Furthermore, through the use of plugin modules, connection tracking can be given knowledge of application layer protocols and thus understand that two or more distinct connections are "related". For example, consider the FTP protocol. A control connection is established, but whenever data is transferred, a separate connection is established to transfer it. When the nf_conntrack_ftp module is loaded, the first packet of an FTP data connection will be classified RELATED instead of NEW, as it is logically part of an existing connection.

iptables can use the connection tracking information to make packet filtering rules more powerful and easier to manage. The "conntrack" match extension allows iptables rules to examine the connection tracking classification for a packet. For example, one rule might allow NEW packets only from inside the firewall to outside, but allow RELATED and ESTABLISHED in either direction. This allows normal reply packets from the outside (ESTABLISHED), but does not allow new connections to come from the outside to the inside. However, if an FTP data connection needs to come from outside the firewall to the inside, it will be allowed, because the packet will be correctly classified as RELATED to the FTP control connection, rather than a NEW connection.

iptables

iptables is a user space application program that allows a system administrator to configure the netfilter tables, chains, and rules (described above). Because iptables requires elevated privileges to operate, it must be executed by user root, otherwise it fails to function. On most Linux systems, iptables is installed as /usr/sbin/iptables and documented in its man page [1]. This simple example of its use illustrates how to redirect all traffic on the default HTTP port, port 80, to port 8080, allowing the HTTP daemon to run as a non-privileged user, unable to listen on port numbers below 1024.

iptables -t nat -A PREROUTING -p tcp --dport 80 -j REDIRECT --to-port 8080

Note: if you launch this command on your computer it will only work for external IP addresses connecting to your machine. Connections from localhost do not traverse the PREROUTING chain in the "nat" table. If you want this feature to also work, use another rule:

iptables -t nat -A OUTPUT -o lo -p tcp --dport 80 -j REDIRECT --to-port 8080

which reroutes packets on the loopback (lo) interface from port 80 to port 8080.

ipset

ipset is used to set up, maintain and inspect so called "IP sets" in the Linux kernel. An IP set usually contains a set of IP addresses, but can also contain sets of other network numbers, depending on its "type".

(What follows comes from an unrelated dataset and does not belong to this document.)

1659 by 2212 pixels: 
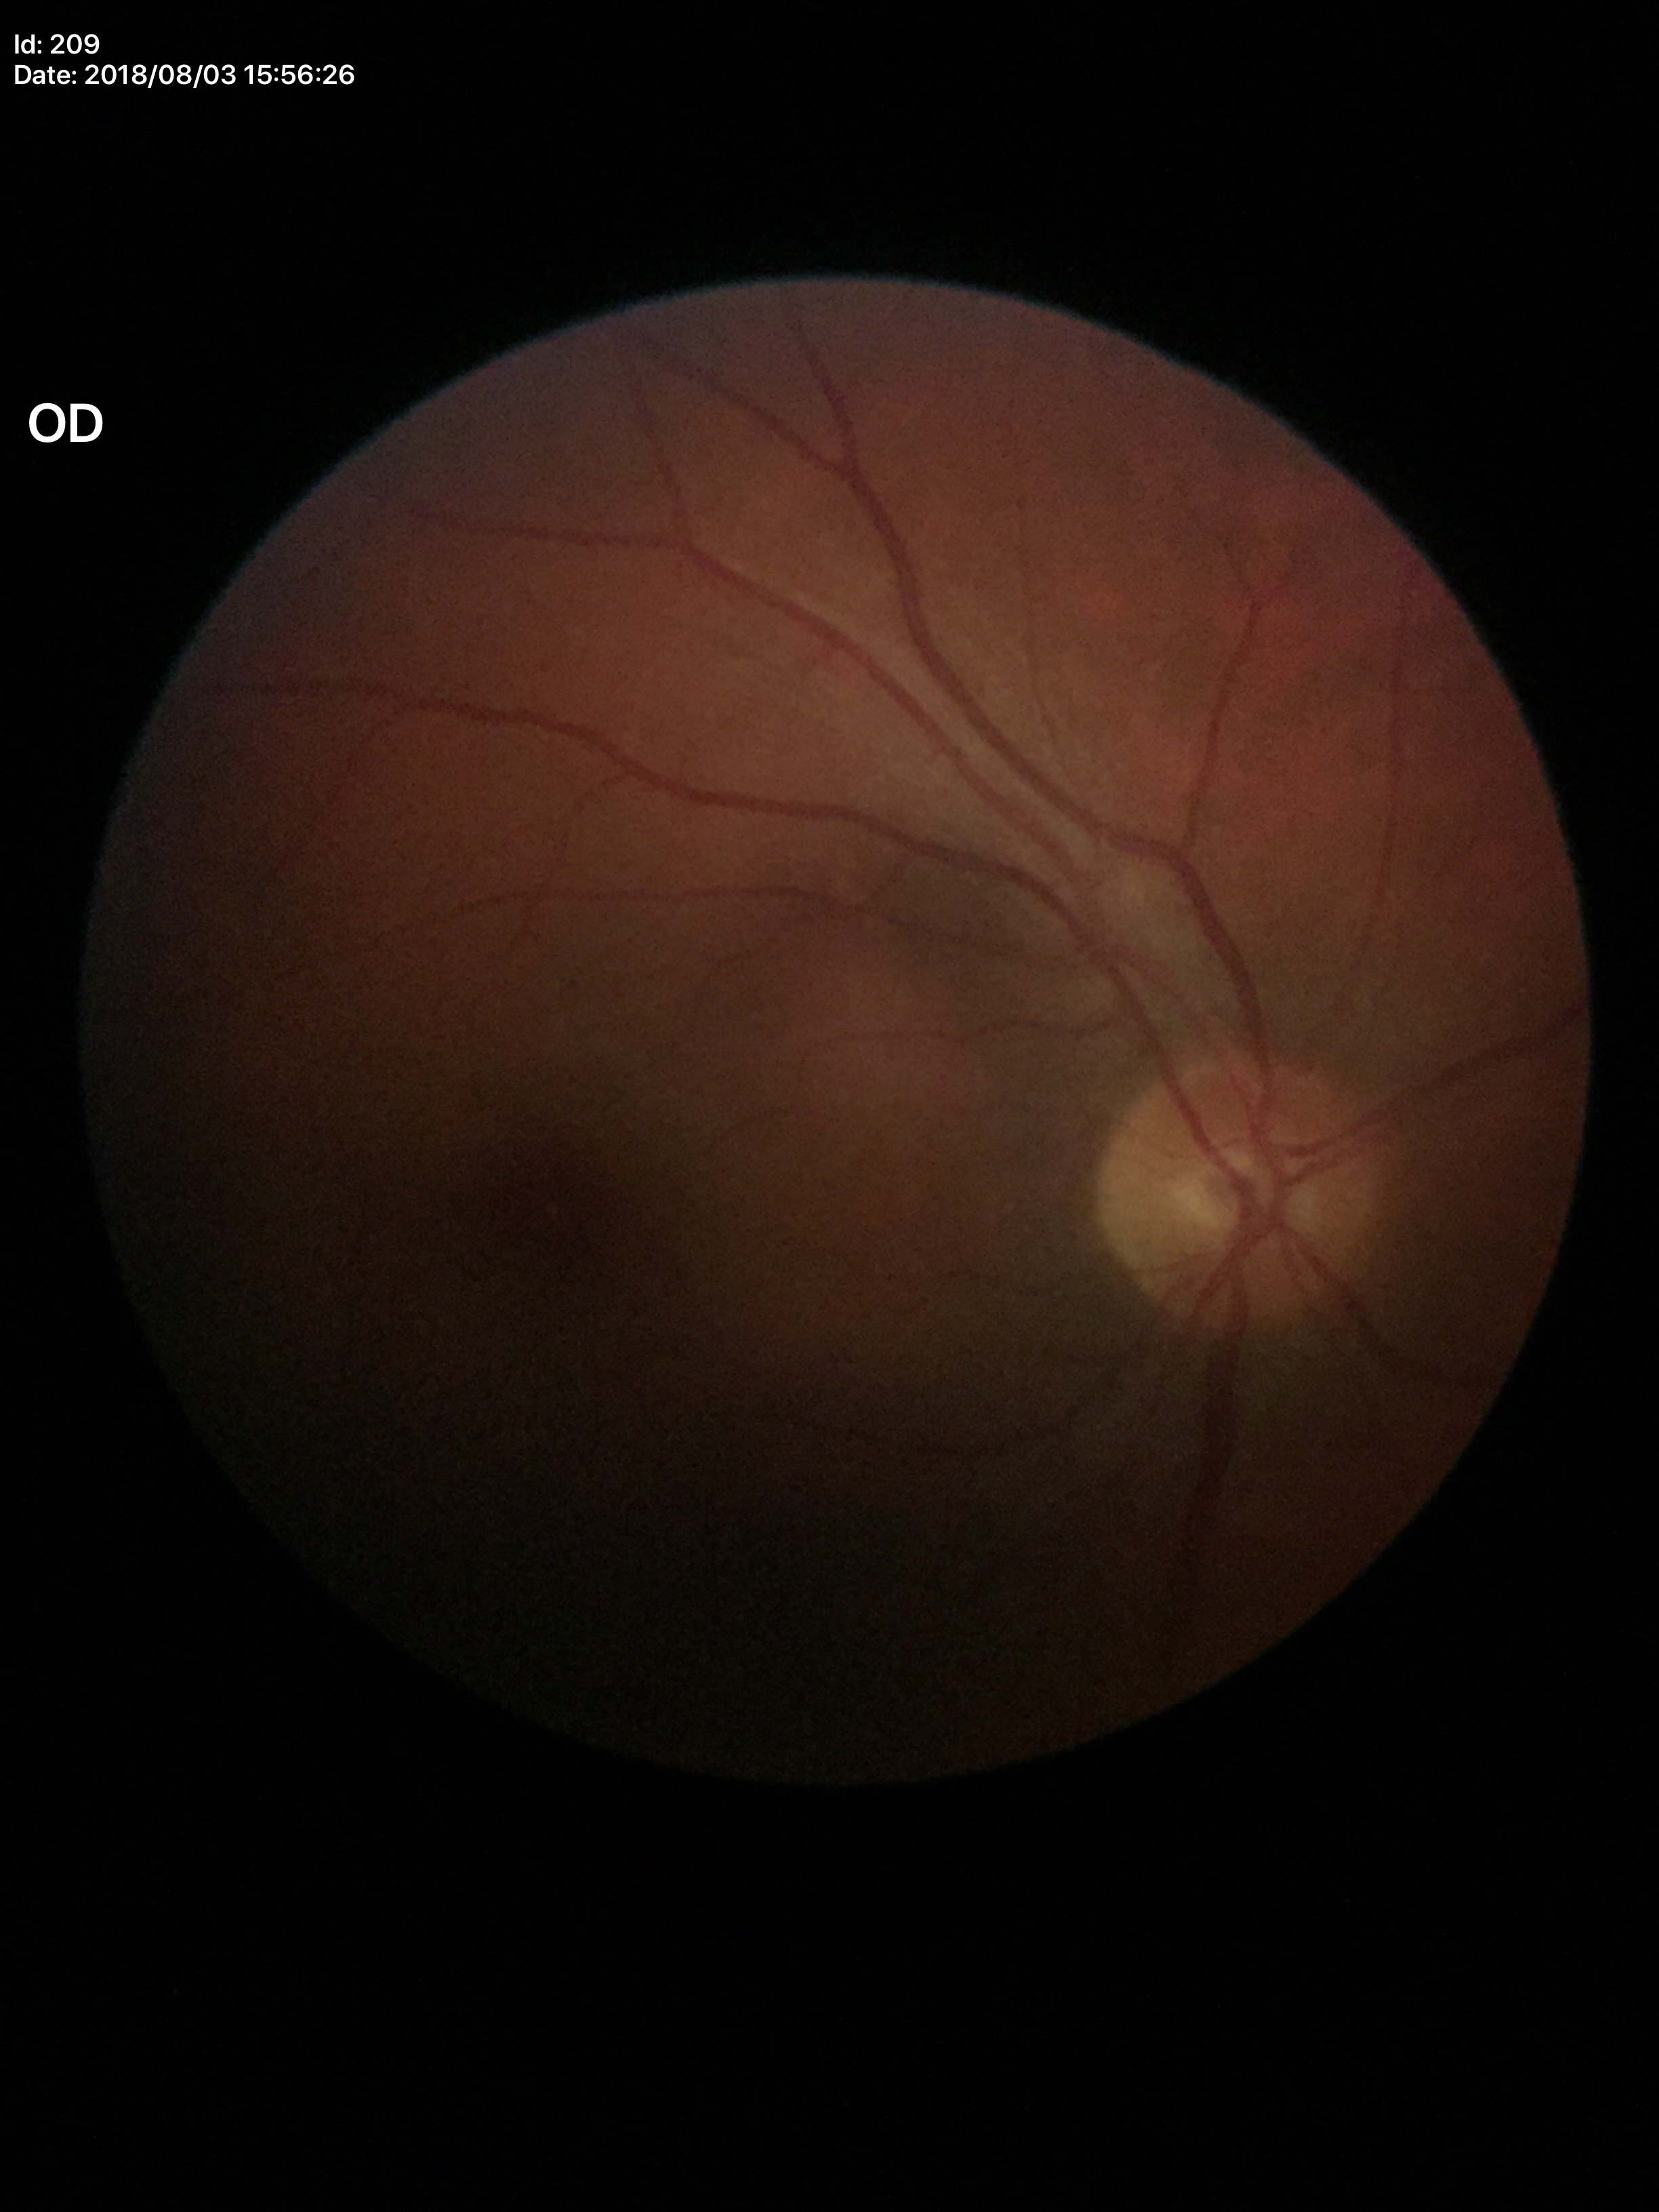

Any entry in one set can be bound to another set, allowing for sophisticated matching operations.

ipset supports the following set types:

* ipmap - The ipmap set type uses a memory range, where each bit represents one IP address.
* macipmap - The macipmap set type uses a memory range, where each 8 bytes represents one IP and a MAC address.
* portmap - The portmap set type uses a memory range, where each bit represents one port.
* iphash - The iphash set type uses a hash to store IP addresses.
* nethash - The nethash set type uses a hash to store different size of network addresses.
* ipporthash - The ipporthash set type uses a hash to store IP address and port pairs.
* iptree - The iptree set type uses a tree to store IP addresses, optionally with timeout values.

A set can only be removed (destroyed) if there are no iptables rules or other sets referring to it.